Step Three: Writing the Essay, Tips for Success
You may be surprised that we do not address actually writing the essay until step three. From that, you should understand the extreme importance of selecting a proper subject matter. However, even seemingly boring topics can be made into exceptional admissions essays with an innovative approach. In writing the essay you must bear in mind your two goals: to persuade the admissions officer that you are extremely worthy of admission and to make the admissions officer aware that you are more than a GPA and a standardized score, that you are a real-life, intriguing personality.
Answer the Question. You can follow the next 12 steps, but if you miss the question, you will not be admitted to any institution.
Be Original - Even seemingly boring essay topics can sound interesting if creatively approached. If writing about a gymnastics competition you trained for, do not start your essay: "I worked long hours for many weeks to train for XXX competition." Consider an opening like, "Every morning I awoke at 5:00 to sweat, tears, and blood as I trained on the uneven bars hoping to bring the state gymnastics trophy to my hometown."
Be Yourself - Admissions officers want to learn about you and your writing ability. Write about something meaningful and describe your feelings, not necessarily your actions. If you do this, your essay will be unique. Many people travel to foreign countries or win competitions, but your feelings during these events are unique to you. Unless a philosophy or societal problem has interested you intensely for years, stay away from grand themes that you have little personal experience with.
Don't "Thesaurize" your Composition - For some reason, students continue to think big words make good essays. Big words are fine, but only if they are used in the appropriate contexts with complex styles. Think Hemingway.
Use Imagery and Clear, Vivid Prose - If you are not adept with imagery, you can write an excellent essay without it, but it's not easy. The application essay lends itself to imagery since the entire essay requires your experiences as supporting details. Appeal to the five senses of the admissions officers.
Spend the Most Time on your Introduction - Expect admissions officers to spend 1-2 minutes reading your essay. You must use your introduction to grab their interest from the beginning. You might even consider completely changing your introduction after writing your body paragraphs.

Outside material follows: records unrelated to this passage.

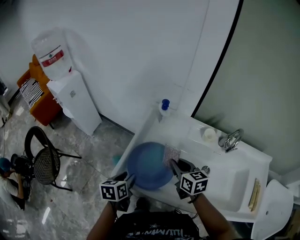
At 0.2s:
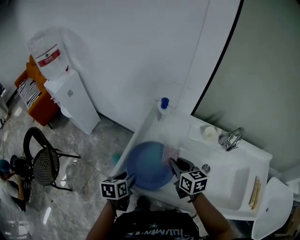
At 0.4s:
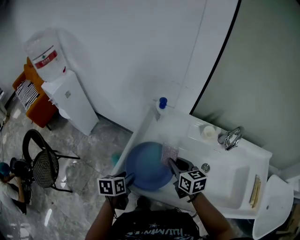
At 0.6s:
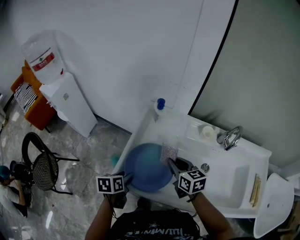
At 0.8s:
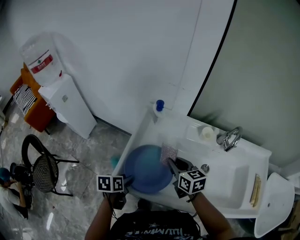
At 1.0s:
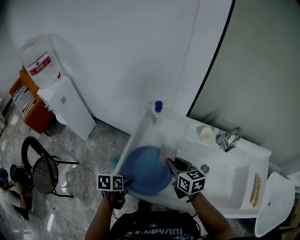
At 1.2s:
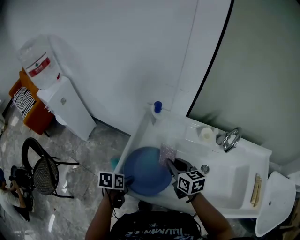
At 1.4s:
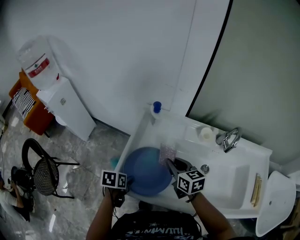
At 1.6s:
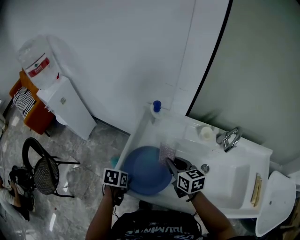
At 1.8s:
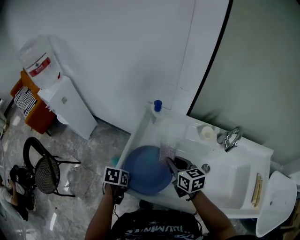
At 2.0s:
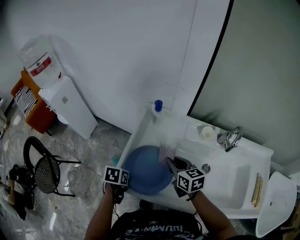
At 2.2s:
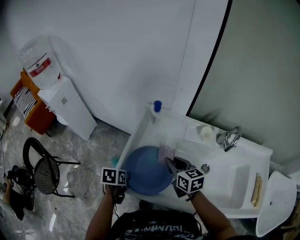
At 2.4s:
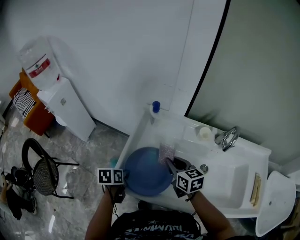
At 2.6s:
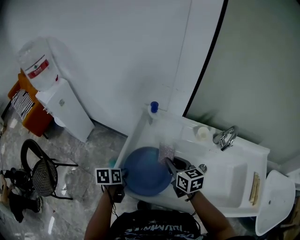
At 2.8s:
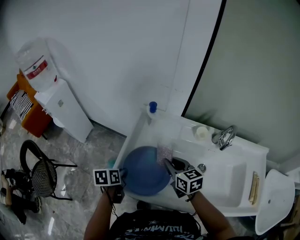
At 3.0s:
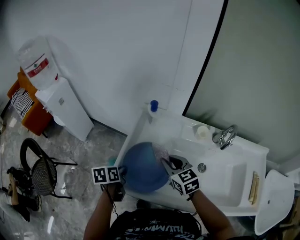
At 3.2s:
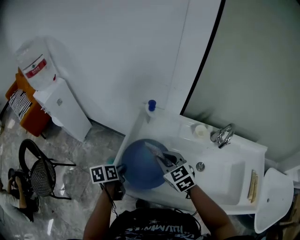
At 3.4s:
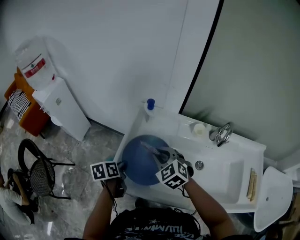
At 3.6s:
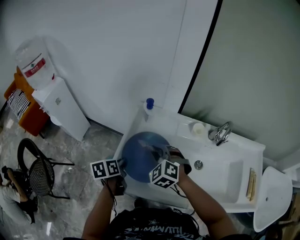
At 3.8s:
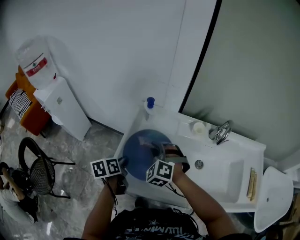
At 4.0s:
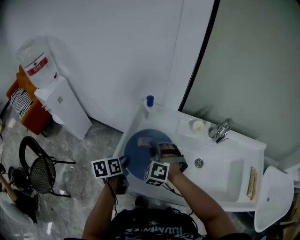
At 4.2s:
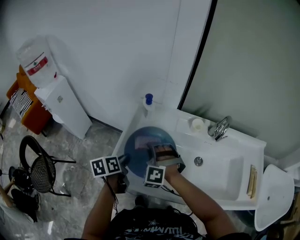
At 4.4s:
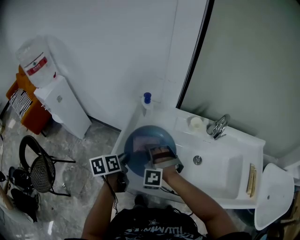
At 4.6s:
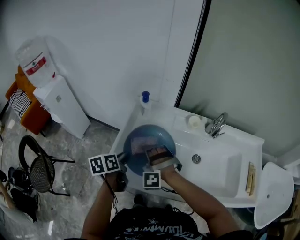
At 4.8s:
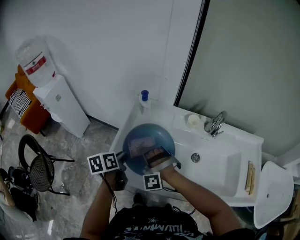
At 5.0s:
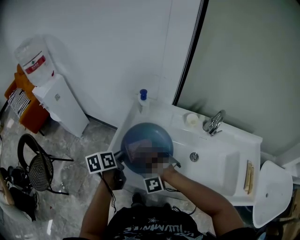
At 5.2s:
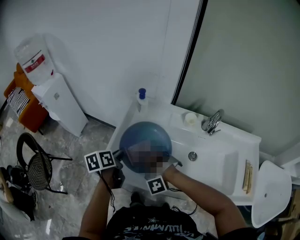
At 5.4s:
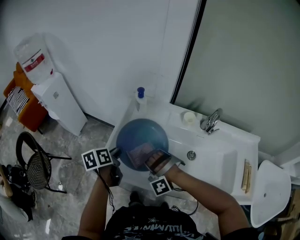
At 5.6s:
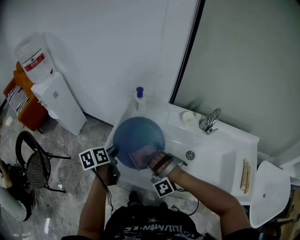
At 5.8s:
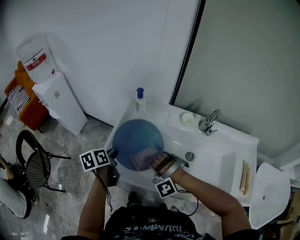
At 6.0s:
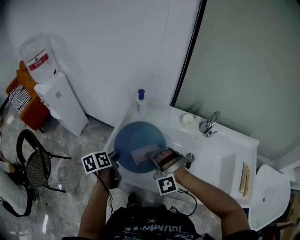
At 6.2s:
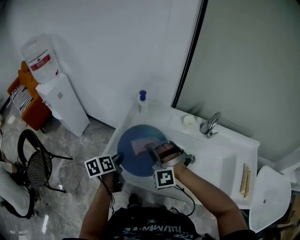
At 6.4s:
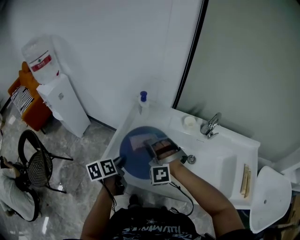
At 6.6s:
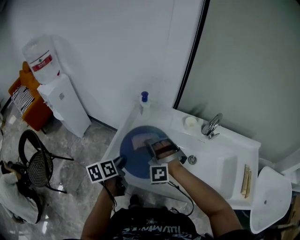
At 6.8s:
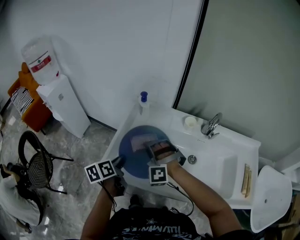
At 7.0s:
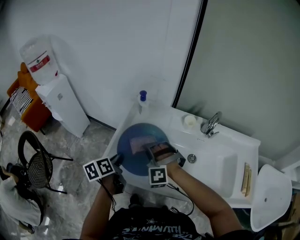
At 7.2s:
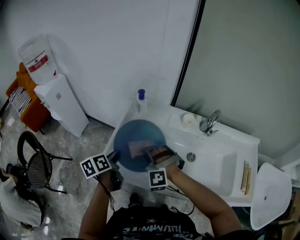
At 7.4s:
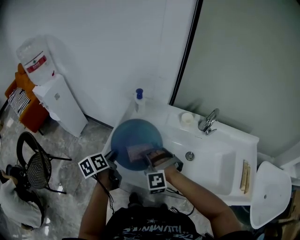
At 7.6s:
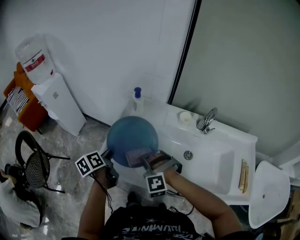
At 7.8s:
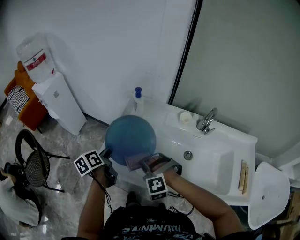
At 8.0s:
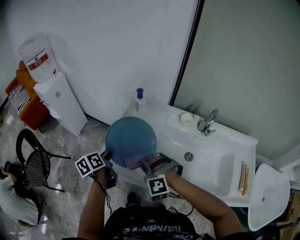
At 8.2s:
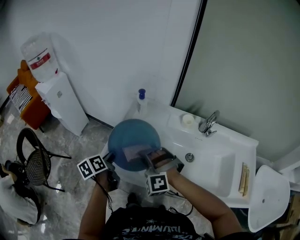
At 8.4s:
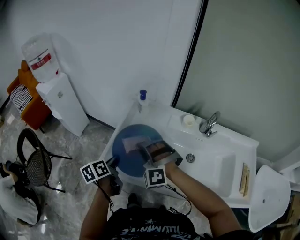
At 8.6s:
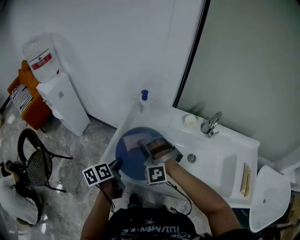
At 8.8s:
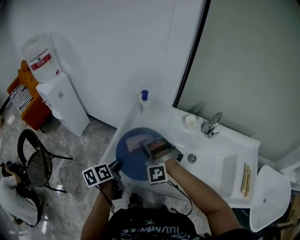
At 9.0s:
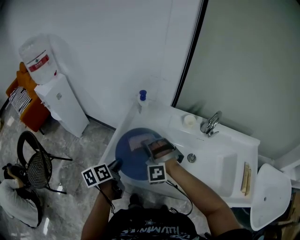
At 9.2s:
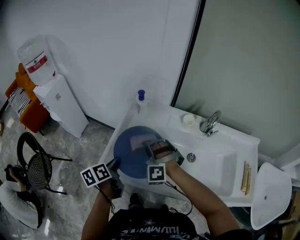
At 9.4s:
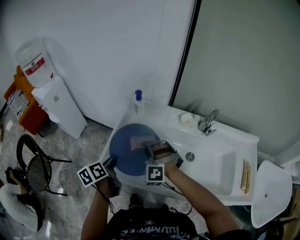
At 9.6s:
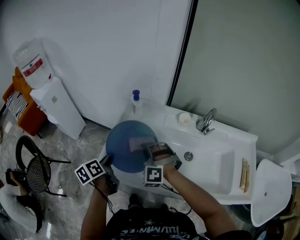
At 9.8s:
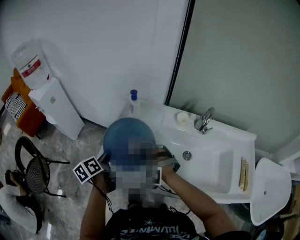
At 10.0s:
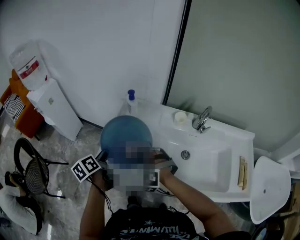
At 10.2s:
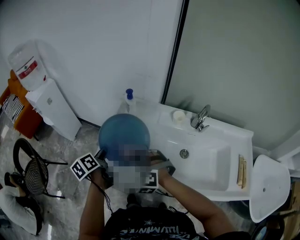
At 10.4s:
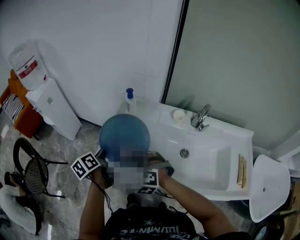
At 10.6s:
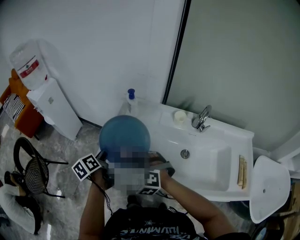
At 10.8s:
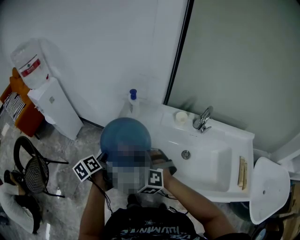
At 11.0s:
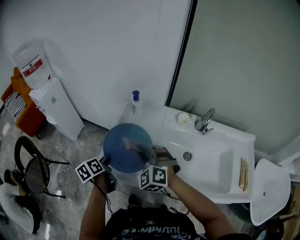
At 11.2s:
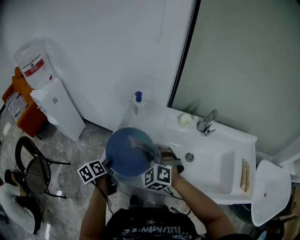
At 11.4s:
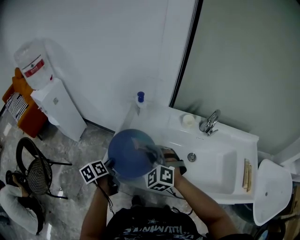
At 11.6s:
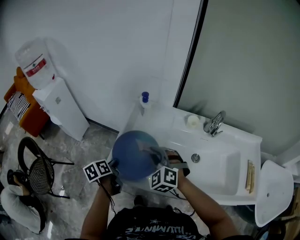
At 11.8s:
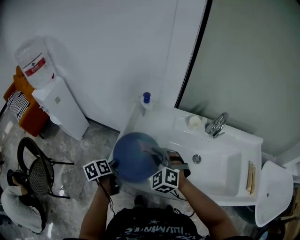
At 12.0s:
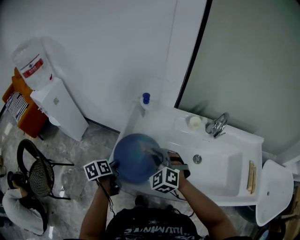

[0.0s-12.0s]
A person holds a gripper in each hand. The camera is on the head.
0.0s to 1.6s: The left gripper is displaced downward by approximately 5 cm, and turns by some 30 degrees.
1.6s to 3.0s: The left gripper shifts by approximately 5 cm, changes its angle by some 20 degrees, and closes up.
3.0s to 4.4s: The right gripper travels to the left by approximately 5 cm, and twists some 80 degrees counterclockwise, seen from behind, while the left gripper shifts approximately 5 cm upward.
4.4s to 6.0s: The right gripper shifts approximately 10 cm backward and to the right, and changes its angle by some 20 degrees.
7.6s to 9.0s: The right gripper travels forward by roughly 5 cm.
9.0s to 10.4s: The right gripper goes approximately 5 cm backward, and swivels some 30 degrees. Meanwhile the left gripper ends up about 5 cm from where it was.
10.4s to 12.0s: The right gripper is displaced forward by roughly 5 cm; the left gripper is displaced downward by approximately 10 cm.

Don't Summarize in your Introduction - Ask yourself why a reader would want to read your entire essay after reading your introduction. If you summarize, the admissions officer need not read the rest of your essay.

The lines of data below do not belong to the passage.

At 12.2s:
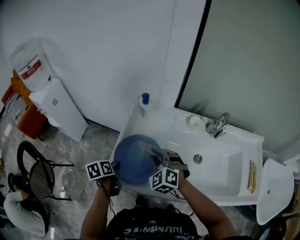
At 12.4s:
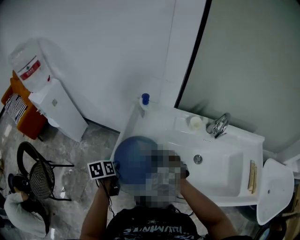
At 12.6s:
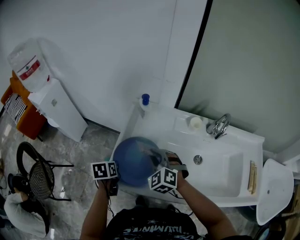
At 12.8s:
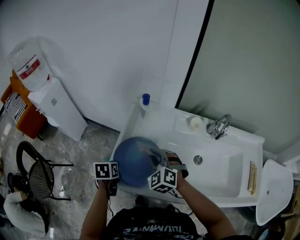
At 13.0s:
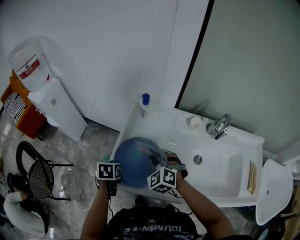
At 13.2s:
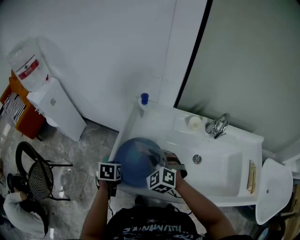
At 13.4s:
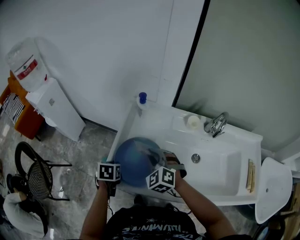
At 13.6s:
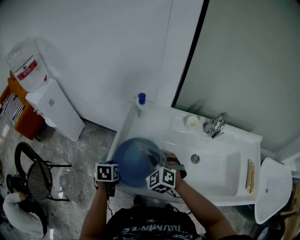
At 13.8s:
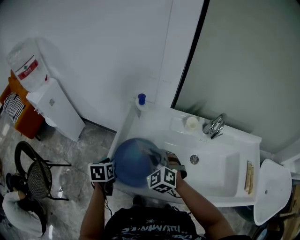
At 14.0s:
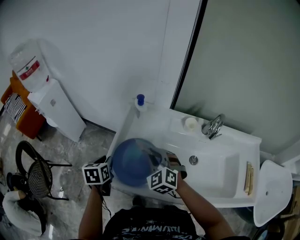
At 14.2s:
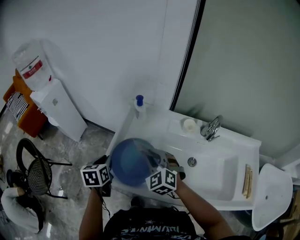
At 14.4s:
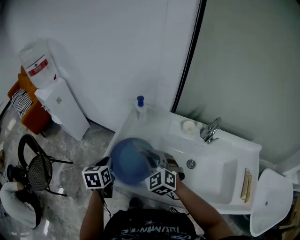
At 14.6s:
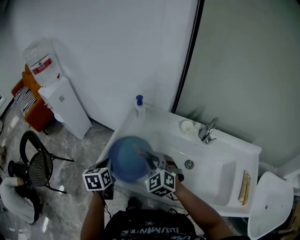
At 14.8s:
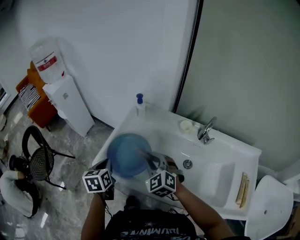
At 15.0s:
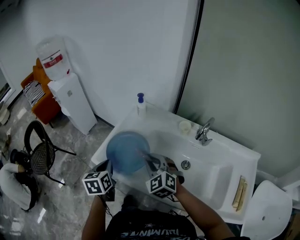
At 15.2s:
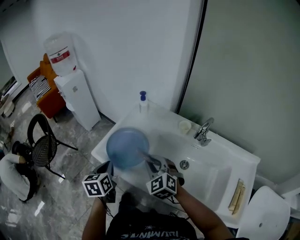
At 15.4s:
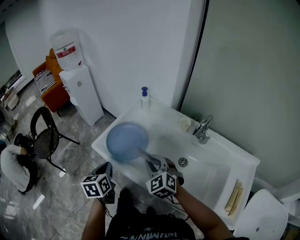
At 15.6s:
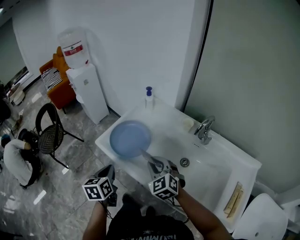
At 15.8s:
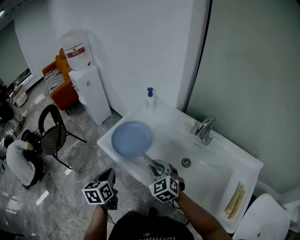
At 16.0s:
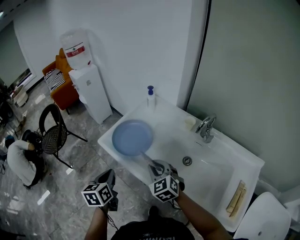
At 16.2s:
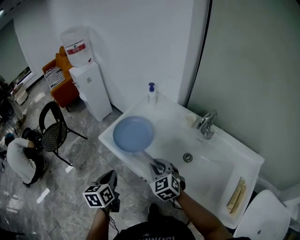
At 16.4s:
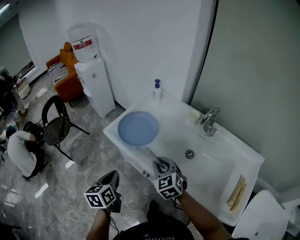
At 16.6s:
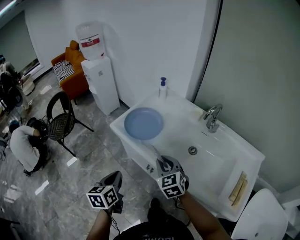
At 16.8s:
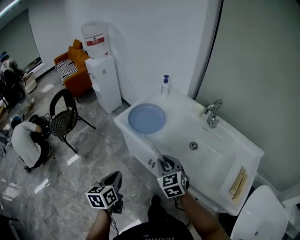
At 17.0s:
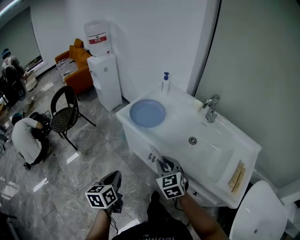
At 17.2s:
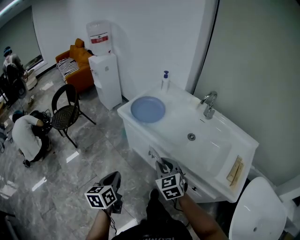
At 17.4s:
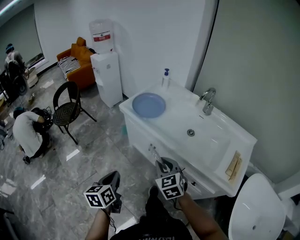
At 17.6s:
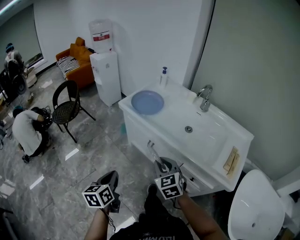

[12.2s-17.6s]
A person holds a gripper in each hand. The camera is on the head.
12.2s to 13.6s: The left gripper changes its angle by approximately 30 degrees.
13.6s to 15.0s: The right gripper goes approximately 10 cm backward and to the right; the left gripper travels backward, upward and to the right by roughly 15 cm, and swivels some 30 degrees.
15.0s to 16.2s: The right gripper is displaced backward by approximately 10 cm, while the left gripper moves backward, some 15 cm.
16.2s to 17.6s: Both grippers travel together backward, some 30 cm.

Create Mystery or Intrigue in your Introduction - It is not necessary or recommended that your first sentence give away the subject matter. Raise questions in the minds of the admissions officers to force them to read on. Appeal to their emotions to make them relate to your subject matter.
Body Paragraphs Must Relate to Introduction - Your introduction can be original, but cannot be silly. The paragraphs that follow must relate to your introduction.
Use Transition - Applicants continue to ignore transition to their own detriment. You must use transition within paragraphs and especially between paragraphs to preserve the logical flow of your essay. Transition is not limited to phrases like "as a result, in addition, while . . . , since . . . , etc." but includes repeating key words and progressing the idea. Transition provides the intellectual architecture to argument building.
Conclusions are Crucial - The conclusion is your last chance to persuade the reader or impress upon them your qualifications. In the conclusion, avoid summary since the essay is rather short to begin with; the reader should not need to be reminded of what you wrote 300 words before. Also do not use stock phrases like "in conclusion, in summary, to conclude, etc." You should consider the following conclusions:
Revise, Revise, Revise - You only are allowed so many words;
use them wisely. Delete anything in the essay that does not relate to your
main argument. Do you use transition? Are your introduction and conclusions
more than summaries? Did you find every single grammatical error?
Allow for the evolution of your main topic. Do not assume your subject must remain fixed and that you can only tweak sentences.
Editing takes time. Consider re-ordering your supporting details, delete irrelevant sections, and make clear the broader implications of your experiences. Allow your more important arguments to come to the foreground. Take points that might only be implicit and make them explicit.